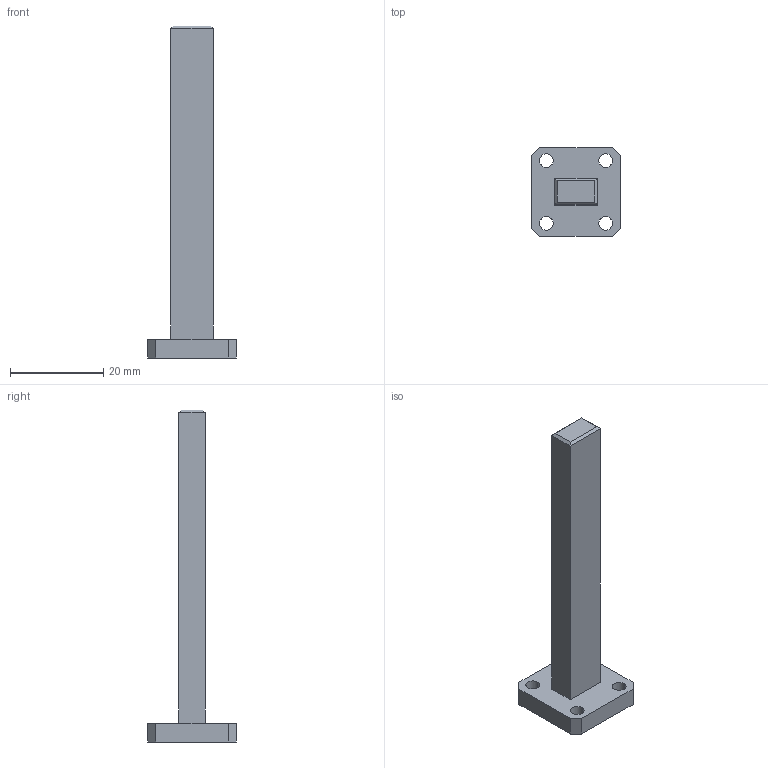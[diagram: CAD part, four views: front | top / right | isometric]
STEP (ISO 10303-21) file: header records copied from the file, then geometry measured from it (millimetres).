
FILE_DESCRIPTION (( 'STEP AP203' ), '1' );
FILE_NAME ('DMAP-28-301-1, df.STEP', '2017-06-06T16:28:42', ( '' ), ( '' ), 'SwSTEP 2.0', 'SolidWorks 2013', '' );
FILE_SCHEMA (( 'CONFIG_CONTROL_DESIGN' ));
Length unit declared in the file: inch
Products named in the file (1): DMAP-28-301-1, df
Bounding box: 19.05 x 19.05 x 71.12 mm (x, y, z)
Volume: 4760.4 mm3; surface area: 3068.9 mm2
Topology: 1 solids, 1 shells, 32 faces, 80 edges, 52 vertices
Faces by surface type: plane 24, cylinder 8
Entity records: 1043 total; most frequent: CARTESIAN_POINT 165, DIRECTION 162, ORIENTED_EDGE 160, EDGE_CURVE 80, VECTOR 64, LINE 64, VERTEX_POINT 52, AXIS2_PLACEMENT_3D 49

————

● ACTIVITY: Retype, exactly as written, each line from the one containing "STEP (ISO 10303-21)" through the last line of the listing above, and leave out all other lines.

● SOLUTION FOR THIS TASK:
STEP (ISO 10303-21) file: header records copied from the file, then geometry measured from it (millimetres).
FILE_DESCRIPTION (( 'STEP AP203' ), '1' );
FILE_NAME ('DMAP-28-301-1, df.STEP', '2017-06-06T16:28:42', ( '' ), ( '' ), 'SwSTEP 2.0', 'SolidWorks 2013', '' );
FILE_SCHEMA (( 'CONFIG_CONTROL_DESIGN' ));
Length unit declared in the file: inch
Products named in the file (1): DMAP-28-301-1, df
Bounding box: 19.05 x 19.05 x 71.12 mm (x, y, z)
Volume: 4760.4 mm3; surface area: 3068.9 mm2
Topology: 1 solids, 1 shells, 32 faces, 80 edges, 52 vertices
Faces by surface type: plane 24, cylinder 8
Entity records: 1043 total; most frequent: CARTESIAN_POINT 165, DIRECTION 162, ORIENTED_EDGE 160, EDGE_CURVE 80, VECTOR 64, LINE 64, VERTEX_POINT 52, AXIS2_PLACEMENT_3D 49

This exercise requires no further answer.